Comments

You must log in or register to comment.

Eresbonitaguey t1_j6qic3n wrote

Possibly not the ideal solution but I would suggest taking sections of the spectrogram as images (perhaps with overlap) and feeding that into a multi-label classifier. If you’re after a bounding box then the upper and lower bounds should be apparent based on the location of your classes within the spectrogram i.e. sound intensity occurs at similar frequency. If transfer learning from a general image model I would advise against using false colour to generate the three channels and instead would generate different types of spectrograms (Reassignment method/Multi-tapered/etc.) Due to the nature of spectrograms you don’t really want scale invariance so segmentation models that use feature pyramids can be problematic.
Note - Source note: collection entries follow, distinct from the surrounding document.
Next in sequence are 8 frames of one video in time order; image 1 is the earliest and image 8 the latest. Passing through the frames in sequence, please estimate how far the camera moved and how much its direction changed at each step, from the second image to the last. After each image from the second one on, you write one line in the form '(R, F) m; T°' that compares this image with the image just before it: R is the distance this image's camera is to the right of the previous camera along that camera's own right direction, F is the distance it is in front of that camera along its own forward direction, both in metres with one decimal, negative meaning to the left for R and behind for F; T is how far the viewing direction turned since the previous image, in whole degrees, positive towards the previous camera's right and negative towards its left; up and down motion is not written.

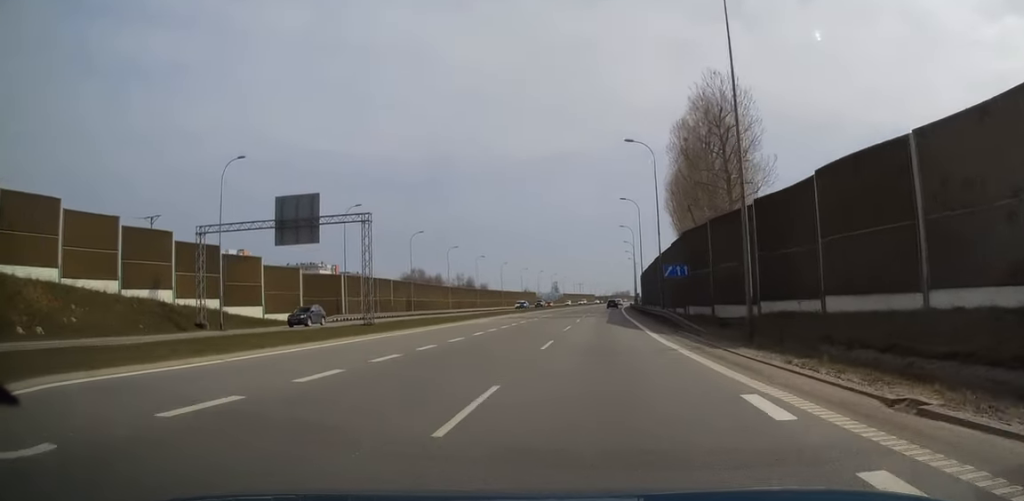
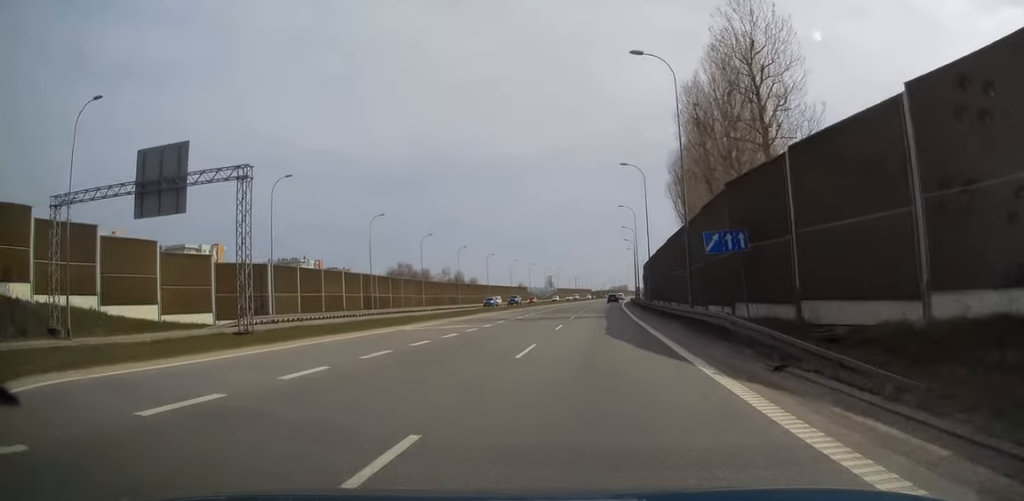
(+0.2, +16.4) m; +1°
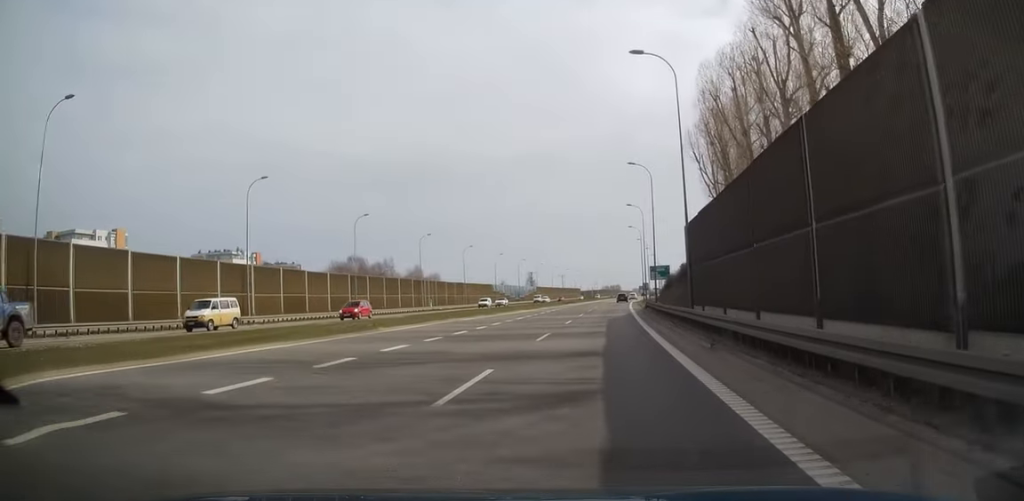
(0.0, +54.2) m; 0°
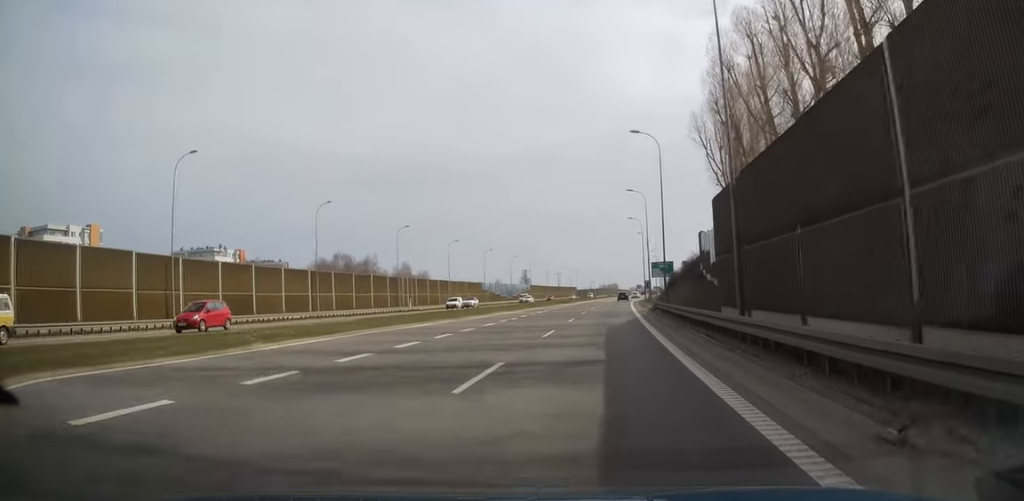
(0.0, +10.9) m; 0°
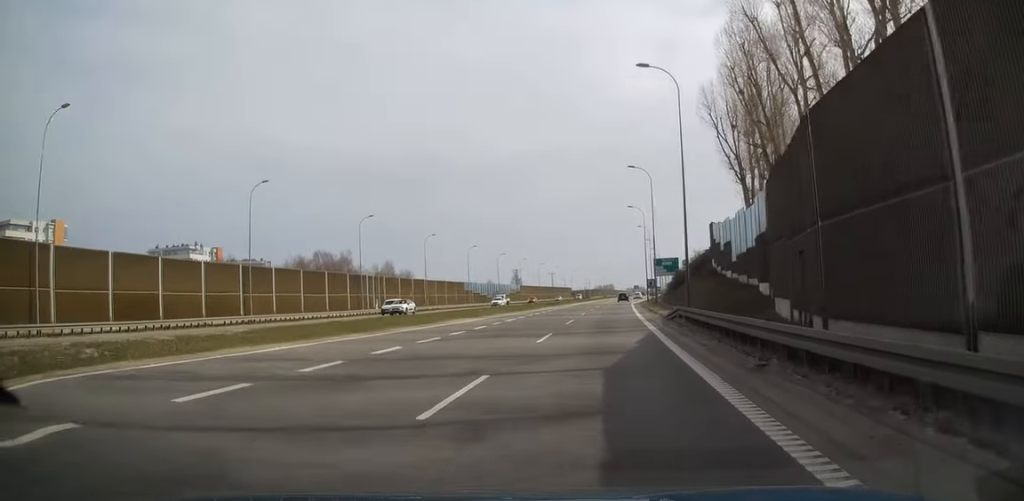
(0.0, +13.9) m; 0°
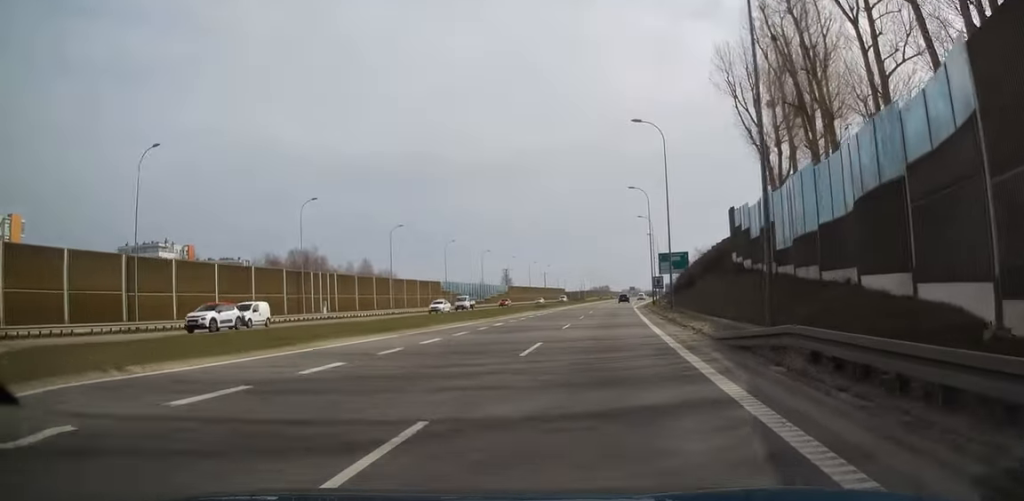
(+0.2, +16.1) m; +1°
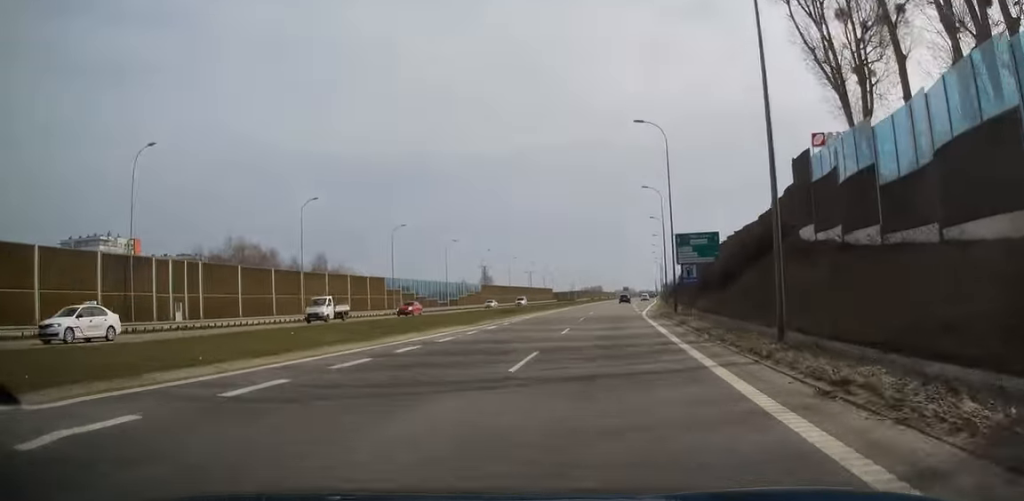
(0.0, +27.0) m; 0°
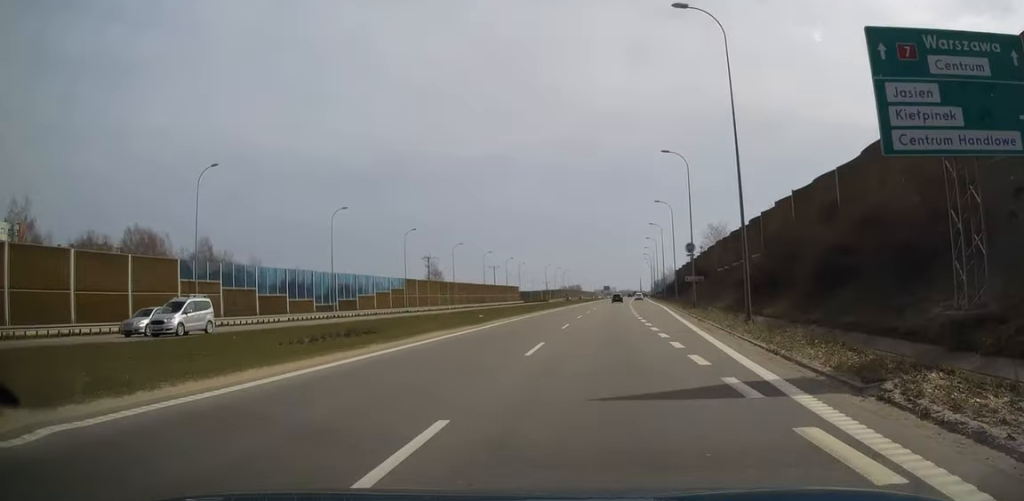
(+0.5, +45.1) m; +2°

I found decent success using Compact Convolutional Transformers but that may not be what you need for your task.

3

jiamengial t1_j6sj3l2 wrote

Using something like a CTC loss might be a good shout - you could basically say you're doing "speech recognition", but instead of recognising (sub)words you're recognising classes

2

uhules t1_j6sp5wk wrote

CTC is better suited for unaligned sequences, if OP has precise timings for the sound events, plain frame-wise classification should work better.

2

jiamengial t1_j6t854s wrote

That's true, was thinking that flat frame-wise predictions could lead to incorrect mid-segment predictions, which might be an annoying model error to get

1

uhules t1_j6spu3f wrote

What kind of model would work in this case is heavily dependent on data availability and the quality of your annotation. Check these datasets from Papers With Code and see whether any one of those is similar enough to your setting, and pick models or code from their leaderboards.

2

1bir t1_j6s0ito wrote

Possible solution:

  • train minirocket/hydra, which were designed for time series classification, on the labelled dataset (probably as four one-vs-many problems, eg s1 vs the rest, s2 vs the rest etc)
  • you'll get sets of 1D convolutional kernels; these can be convolved with time series of any length
  • only one of these should 'fire' strongly for each different heartbeat phase, so you should get univariate signals for each phase
  • convolve these kernel sets with your unsegmented data
  • segment the data based on the strongest signal corresponding to the relevant phase of the heartbeat.

You may need to apply some transformations to the signals to get this to work well though (eg softmax &/ smoothing, or some kind of changepoint detection, which I don't know much about).

1